The By-laws of our company provide that we shall indemnify, to the extent
permitted by Delaware law, our directors, officers and employees against
liabilities (including expenses, judgments and settlements) incurred by them in
connection with any actual or threatened action, suit or proceeding to which
they are or may become parties and which arises out of their status as
directors, officers or employees.
Sections 145(a) and 145(b) of the Delaware General Corporation Law ("DGCL")
permit a corporation to indemnify any director, officer, employee or agent of
the corporation against expenses, including attorneys' fees, judgments, fines
and amounts paid in settlement or incurred by him in connection with any
proceeding arising out of his status as director, officer, employee or agent if
such person acted in good faith and in a manner he reasonably believed to be in
or not opposed to the best interests of the corporation, and, with respect to
any criminal action, had no reasonable cause to believe his conduct was
unlawful. To the extent that such a person has been successful in defense of
any such action or claim, Section 145(c) provides that he shall be indemnified
against expenses incurred by him in connection therewith.

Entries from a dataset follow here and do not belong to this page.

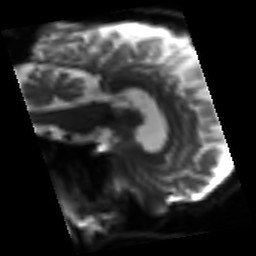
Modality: sbref
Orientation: sagittal
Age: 47
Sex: male
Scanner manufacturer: siemens
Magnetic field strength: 3 T
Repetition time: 3.2 s
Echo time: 0.081 s
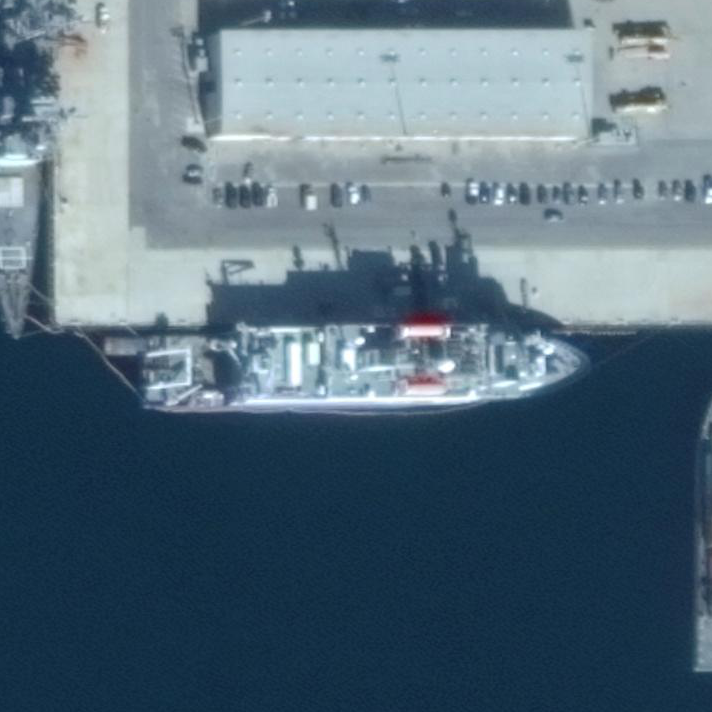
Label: civil
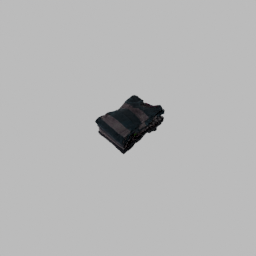
Label: people
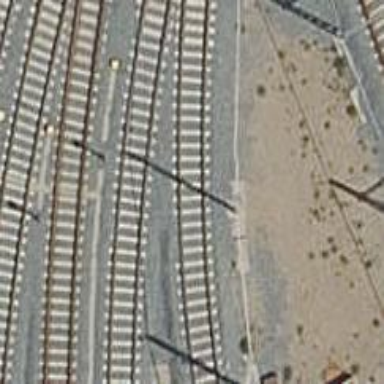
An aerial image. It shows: Yard with electrified contact lines.
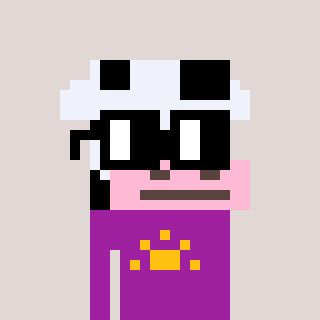
a pixel art character with square black glasses, a cow-shaped head and a magenta-colored body on a warm background
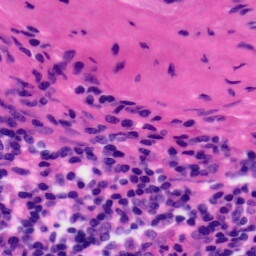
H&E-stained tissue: Tonsil
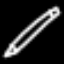
Label: pencil
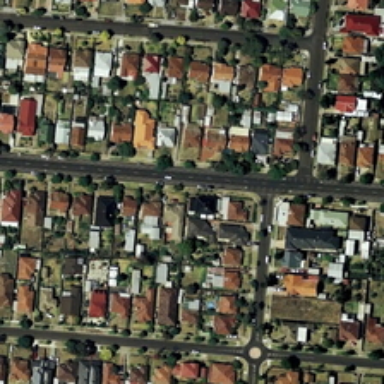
The residential buildings on both sides of the road are neatly arranged .
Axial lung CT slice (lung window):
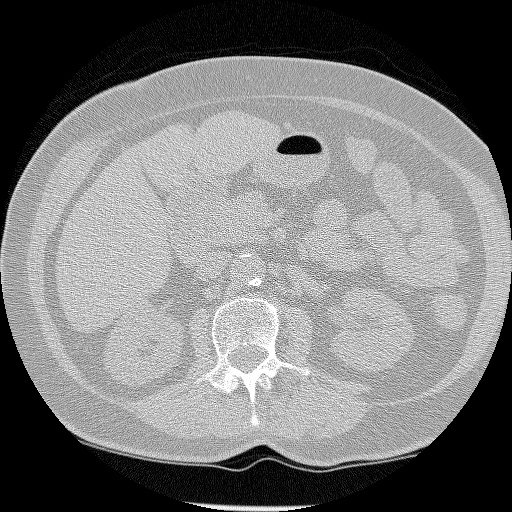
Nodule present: no
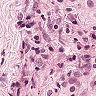
Metastatic tissue present: yes
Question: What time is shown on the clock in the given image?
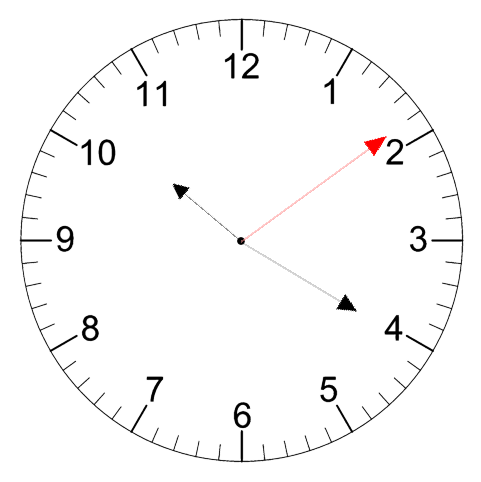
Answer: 10:20:09
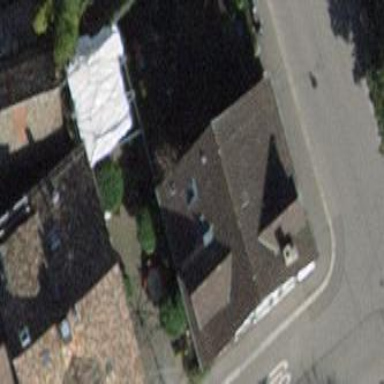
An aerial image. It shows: Building with pyramidal roof shape.
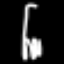
Label: fork
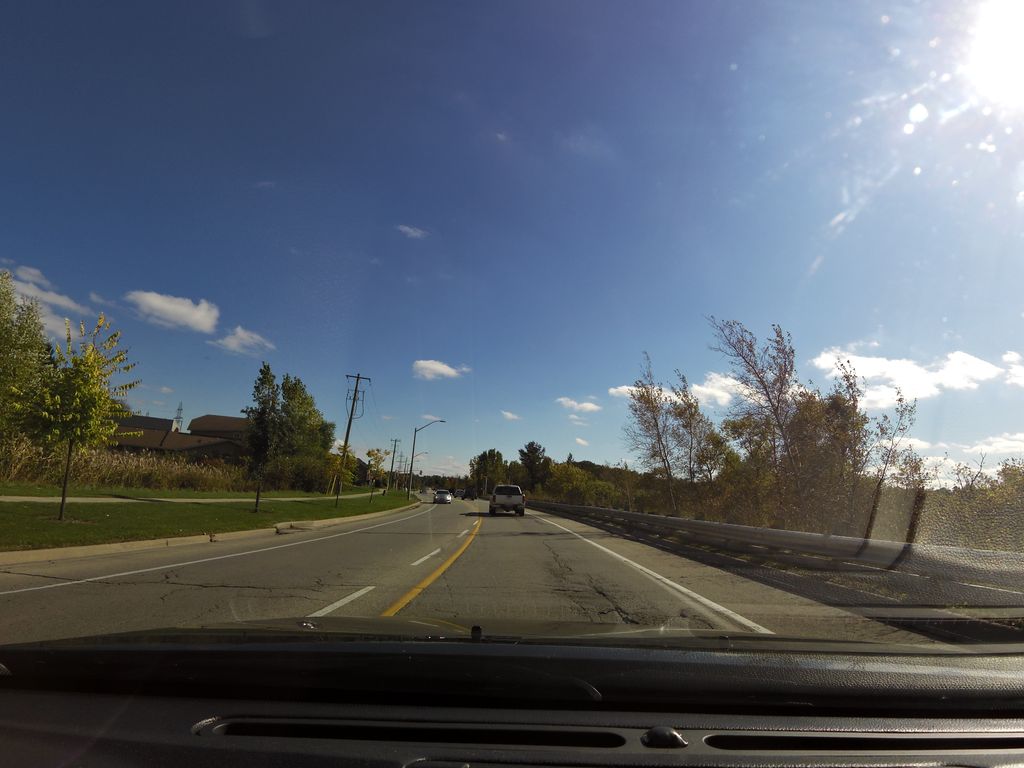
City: hamilton
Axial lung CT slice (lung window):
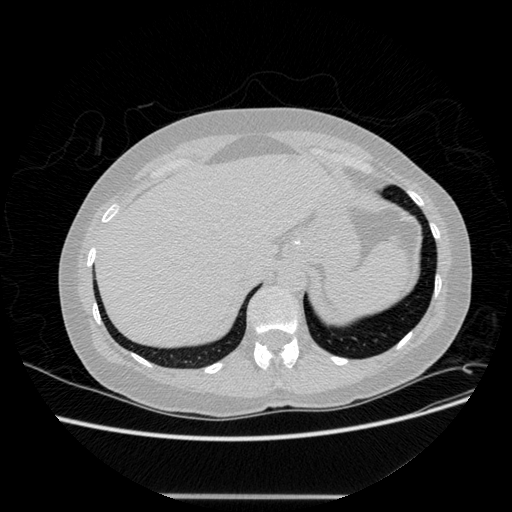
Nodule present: no
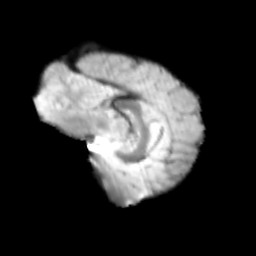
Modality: T2w
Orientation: sagittal
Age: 11
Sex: male
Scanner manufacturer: siemens
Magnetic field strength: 3 T
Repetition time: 3.8 s
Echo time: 0.07 s
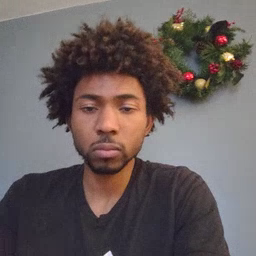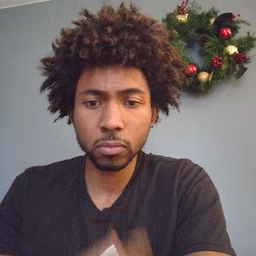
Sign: say
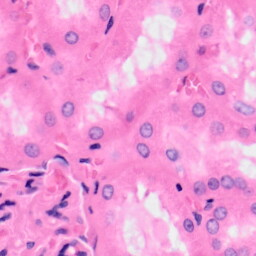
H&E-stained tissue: Kidney
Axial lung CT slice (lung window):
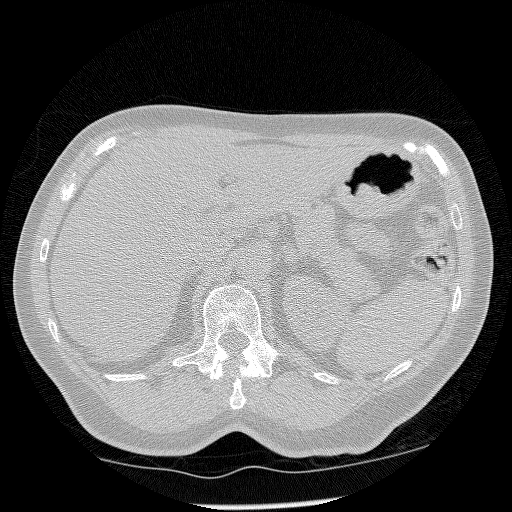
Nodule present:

As permitted by Section 102(b)(7) of the DGCL, Article Ninth of our
Certificate of Incorporation limits the personal liability of our directors to
our company or its shareholders for monetary damages for breach of fiduciary
duty except for liability (i) for any breach of the director's duty of loyalty
to our company or its stockholders, (ii) for acts or omissions not in good
faith or which involve intentional misconduct or a knowing violation of law,
(iii) under Section 174 of the DGCL or (iv) for any transaction from which the
director derived an improper personal benefit.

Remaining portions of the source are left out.